Well, what do you know. As Karoli noted, Standard and Poor's decided to do their best to help push some austerity measures that Wall Street would love to see by scaring the crap out of everyone as she wrote about earlier here -- Standard & Poor's Is Playing Us For Fools.
And surprise, surprise, Rupert Murdoch's sock puppet over at The Wall Street Journal John Fund makes an appearance on C-SPAN's Washington Journal to scare the hell out of all of the viewers there as well that we must do something now to calm the fears of these masters of the universe or we're going to end up like Greece or Japan.
Never mind that we can't trust what political motives were behind the decision by S&P to come out with the statement that they did this week and Fund even admits as much and that the reasons are political, but he lays the blame on our politicians rather than the ratings agency potentially having political motives for their press release. He also says that Moody's might not be far behind. As Karoli noted in her post, they were just as culpable for contributing to the fall of the housing market and misleading investors as the S&P was.
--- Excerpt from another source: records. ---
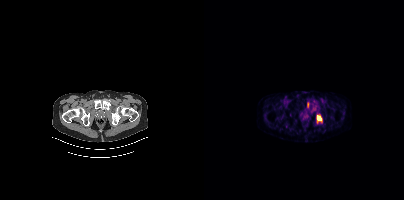
{"modality":"PSMA PET/CT","view":"axial","tracer":"[68Ga]Ga-PSMA-11","pet_grid":[200,200],"coord_frame":"pet_panel","coord_format":"x0,y0,x1,y1","lesion_bboxes":[[112,115,118,122],[103,102,105,107]]}
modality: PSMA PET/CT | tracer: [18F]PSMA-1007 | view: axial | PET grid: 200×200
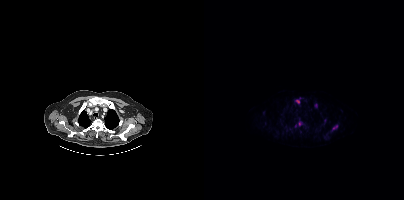
Coordinates are on the 200×200 PET (right) panel. PSMA-avid tumor lesion bounding box (x0, y0)-(x1, y1): (129, 125)-(132, 129). Small PSMA-avid foci (2 to 4 px across) near (center x, center y): (93, 101) / (111, 105) / (95, 123) / (91, 126).
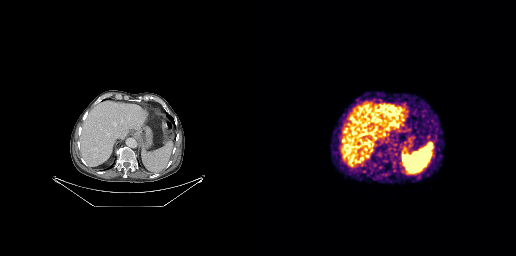
Findings: Negative for PSMA-avid disease on this slice.
Technique: Two-panel axial: CT | PSMA PET, 68Ga-PSMA tracer. acquired on GE Discovery 690. PET panel 256×256 px (2.7 mm/px).
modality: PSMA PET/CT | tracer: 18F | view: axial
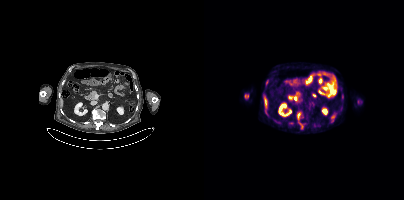
Coordinates are on the 200×200 PET (right) panel. (showing 2 of 3 foci) PSMA-avid tumor lesion bounding box (x0,y0,x1,y1): [93,113,96,119]. Small PSMA-avid focus (2 to 4 px across) near (center x, center y): (62, 82).
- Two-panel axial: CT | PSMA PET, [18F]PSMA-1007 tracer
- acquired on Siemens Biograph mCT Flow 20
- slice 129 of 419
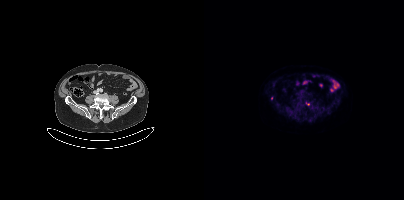
Findings: Coordinates are on the 200×200 PET (right) panel. Small PSMA-avid focus (2 to 4 px across) near (center x, center y): (67, 98).
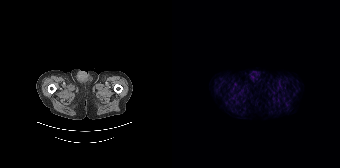
{"pet_grid":[168,168],"coord_frame":"pet_panel","coord_format":"x0,y0,x1,y1","psma_avid_lesions":false,"modality":"PSMA PET/CT","view":"axial","tracer":"68Ga-PSMA"}
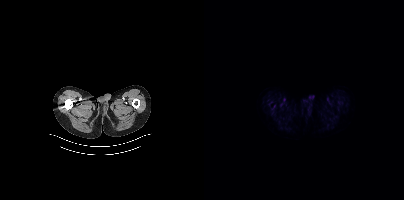
modality: PSMA PET/CT | tracer: [18F]PSMA-1007 | view: axial | PET grid: 200×200
This slice has no annotated PSMA-avid lesion.
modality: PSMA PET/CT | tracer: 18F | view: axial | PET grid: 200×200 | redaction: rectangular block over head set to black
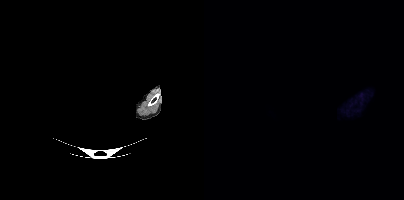
Negative for PSMA-avid disease on this slice.
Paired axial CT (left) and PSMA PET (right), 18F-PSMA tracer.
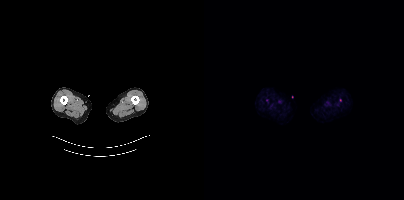
Only PSMA-avid lesion pieces thinner than 2 px on this slice (not listed).
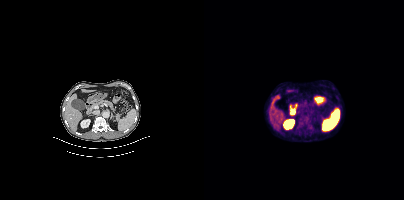
Coordinates are on the 200×200 PET (right) panel. PSMA-avid tumor lesion bounding box (x0, y0)-(x1, y1): (94, 118)-(108, 129).
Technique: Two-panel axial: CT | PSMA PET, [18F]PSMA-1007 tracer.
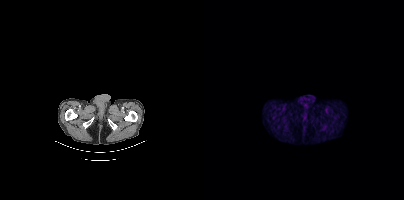
Findings: No PSMA-avid tumor lesions on this slice.
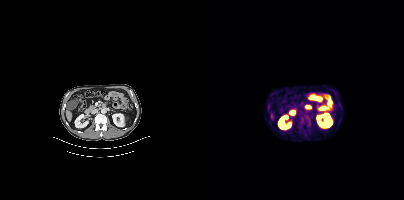
Coordinates are on the 200×200 PET (right) panel. PSMA-avid tumor lesion bounding boxes (x0, y0)-(x1, y1): (95, 115)-(107, 127) | (99, 133)-(102, 137).
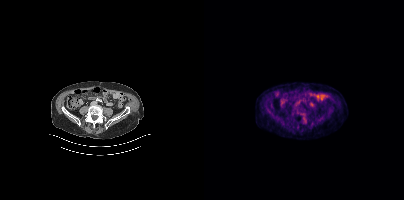
Technique: Left: CT. Right: PSMA PET, same axial level, 18F-PSMA tracer. slice 137 of 377. PET panel 200×200 px (4.1 mm/px).
Findings: No PSMA-avid tumor lesions on this slice.
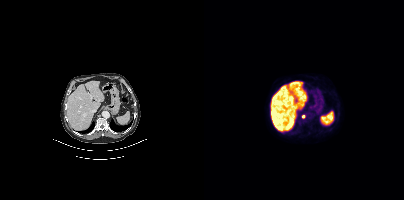
- Paired axial CT (left) and PSMA PET (right), 18F tracer
Findings: Coordinates are on the 200×200 PET (right) panel. PSMA-avid tumor lesion bounding box (x0, y0)-(x1, y1): (97, 115)-(101, 118).
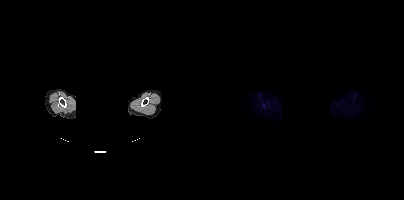
This slice has no annotated PSMA-avid lesion.
redaction: rectangular block over head set to black | modality: PSMA PET/CT | tracer: [18F]PSMA-1007 | view: axial
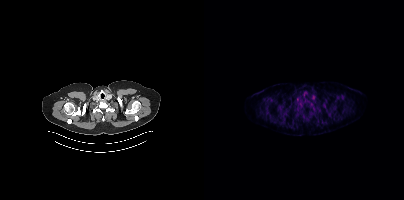
No tumor lesions annotated on this slice. Left: CT. Right: PSMA PET, same axial level, 18F-PSMA tracer. Slice 372 of 442.
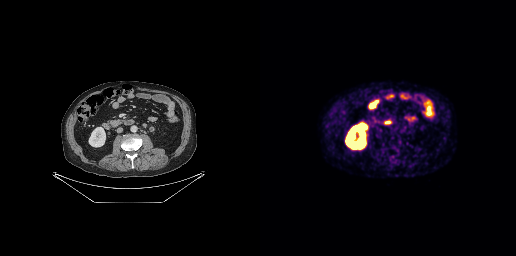
Left: CT. Right: PSMA PET, same axial level, [18F]PSMA-1007 tracer. Acquired on GE Discovery 690. Slice 122 of 263. PET panel 256×256 px (2.7 mm/px). Negative for PSMA-avid disease on this slice.
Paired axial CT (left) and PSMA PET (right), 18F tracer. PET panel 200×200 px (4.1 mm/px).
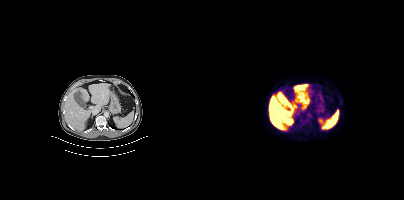
This slice has no annotated PSMA-avid lesion.

I think Digby summed up pretty well what their game might be here -- Debt Ceiling: The Musical.
Fund also rattled off the usual Republican talking points about how we'd better lower the corporate tax rate in America or we're not going to see any jobs created here. Sorry John, but that ship has already sailed. If multi-national corporations that want to pass themselves off as still being "American companies" cared about job creation instead of a race to the bottom on wages, we'd have full employment in the Unites States right now. They don't. Until we start taxing them for outsourcing our jobs instead of having a tax code that rewards them for it, lowering their rate is going to do nothing but put more money into the top 1%'s pockets and lowering every American's standard of living.
I'm sure John Fund knows this since he's not a stupid man no matter how little he cares for the working class in America, but he's paid well to pretend he doesn't.